Da molti anni il turismo ha scoperto le bellezze dell’isola. Nonostante i lunghi anni di guerra civile e le bombe scoppiate anche nel centro di Colombo, gli arrivi sono continuati. La maggior parte degli stranieri viene a godersi il sole delle belle spiagge sulla costa, ma sono molti anche quelli che visitano siti storici e archeologici. Le antiche capitali, che guerre e invasioni hanno raso al suolo, conservano imponenti ruderi di pagode e statue del Budda.
L’isola splendente è luogo di miti e leggende. Il poema epico indiano Ramayana racconta del viaggio del principe Rama alla ricerca della sposa Sita, nel regno del demone Ravana, re di Lanka, che l’aveva rapita. Aiutato da Hanuman, dio delle scimmie, attraversò lo stretto che separa l’isola dal sud dell’India, punteggiato da una serie di isole.

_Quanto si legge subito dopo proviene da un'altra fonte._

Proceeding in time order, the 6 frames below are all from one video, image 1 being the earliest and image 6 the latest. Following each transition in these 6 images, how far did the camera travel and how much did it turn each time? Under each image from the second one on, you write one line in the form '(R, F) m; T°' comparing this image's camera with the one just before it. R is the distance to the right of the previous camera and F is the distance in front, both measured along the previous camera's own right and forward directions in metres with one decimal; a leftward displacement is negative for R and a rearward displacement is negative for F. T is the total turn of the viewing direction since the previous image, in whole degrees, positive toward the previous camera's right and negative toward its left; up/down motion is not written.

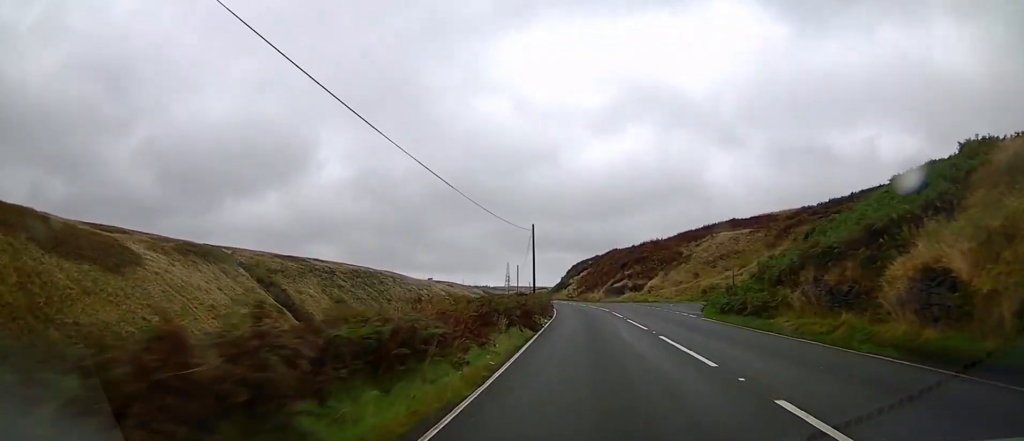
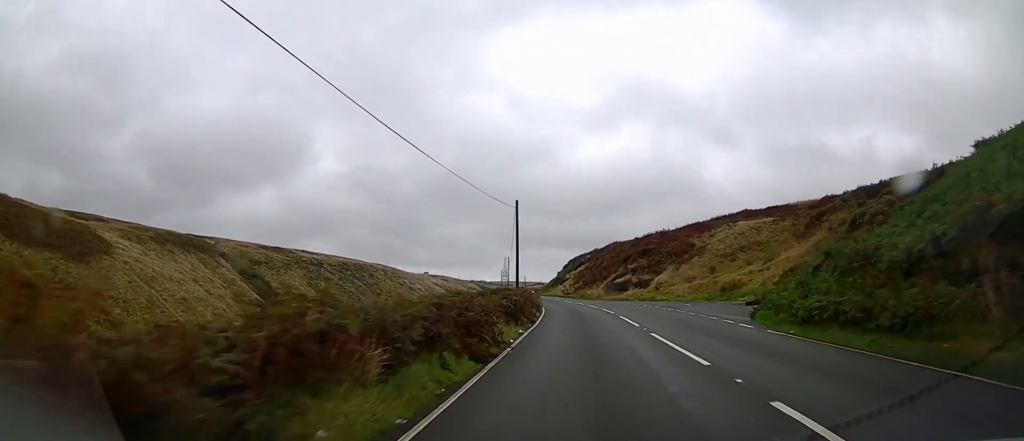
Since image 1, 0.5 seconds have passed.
(0.0, +9.1) m; 0°
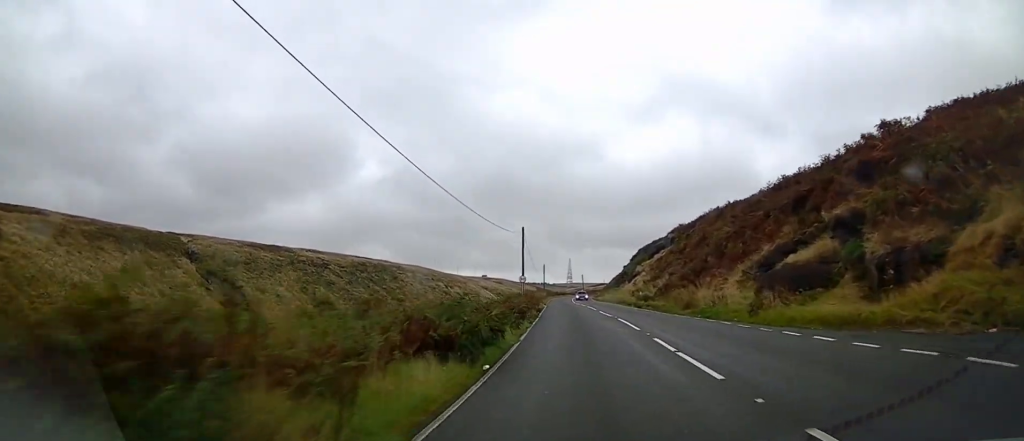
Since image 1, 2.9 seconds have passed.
(-1.4, +46.9) m; -5°
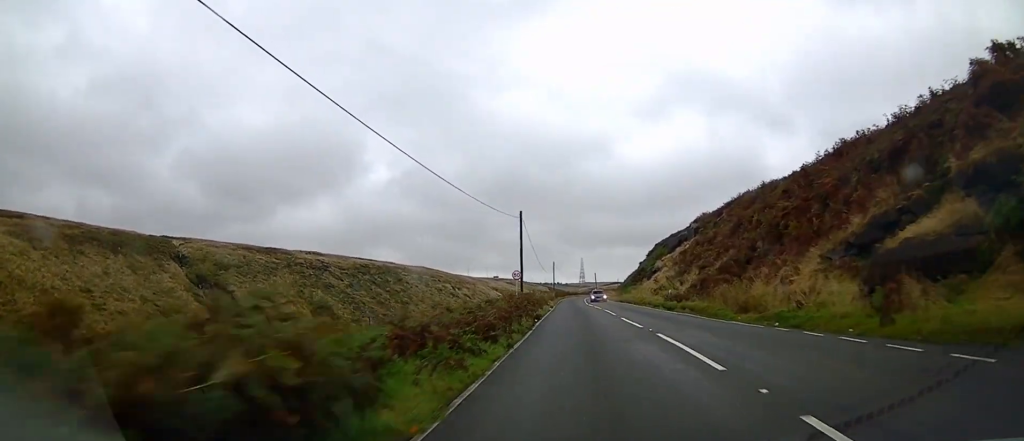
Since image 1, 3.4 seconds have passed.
(-0.2, +9.0) m; -1°
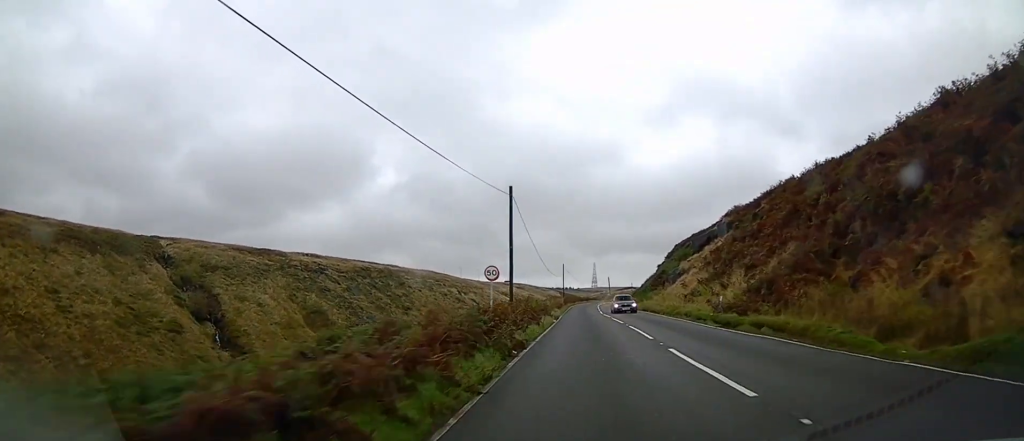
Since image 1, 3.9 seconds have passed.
(-0.1, +10.3) m; -1°
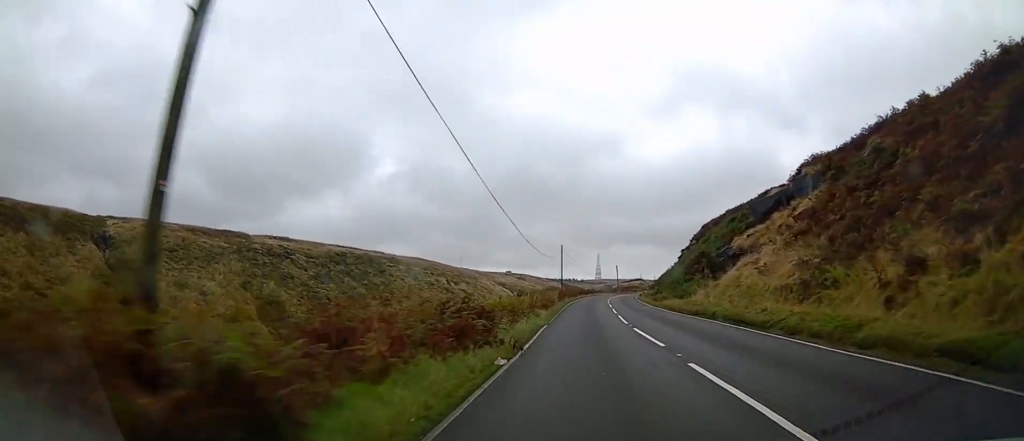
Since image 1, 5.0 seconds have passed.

Le invasioni dal continente continuarono nel corso dei secoli e spinsero gli abitanti a spostare le loro capitali sempre più a sud, all’interno dell’isola. Dall’India arrivò anche il buddismo, che caratterizza e identifica la maggior parte della popolazione, ispirandone la cultura.
Ashoka, il grande imperatore maurya, inviò suo figlio come missionario, nel iii secolo a. C. e, da qui, la nuova dottrina si diffuse in tutto l’Oriente. Anuradhapura fu capitale per mille anni. Qui, in un recinto sacro, si protegge e si venera l’albero più antico del mondo, nato da un virgulto di quello di Bodhgaya, India, sotto cui il Budda ebbe l’illuminazione. Fu portato qui dalla principessa Sangamitta, figlia di Ashoka.
I turisti ripartono felici dopo visite e soggiorni, ospiti di splendidi alberghi, al riparo da brutte notizie e cattivi incontri. Arrivano e ripartono in comodi pullman, che si fermano solo nei luoghi del turismo classico: negozi di falso artigianato, dove i batik sono teli stampati chissà dove. Nei «giardini delle spezie» vengono smerciati prodotti industriali e gli spettacoli folkloristici sono stati adattati al gusto di noi occidentali.
una dolorosa divisione
Lo Sri Lanka ottenne l’indipendenza nel 1948 e, fino allora, non vi erano mai stati problemi tra la maggioranza cingalese e il 10% di minoranza tamil. Tra questi ultimi bisogna distinguere i «tamil dello Sri Lanka», abitanti il nord del paese, giunti in epoca antica e i «tamil indiani» , discendenti dagli immigrati del Tamil Nadu, giunti nel 1800 dal sud dell’India per lavorare nelle piantagioni di tè, situate nel cuore dell’isola.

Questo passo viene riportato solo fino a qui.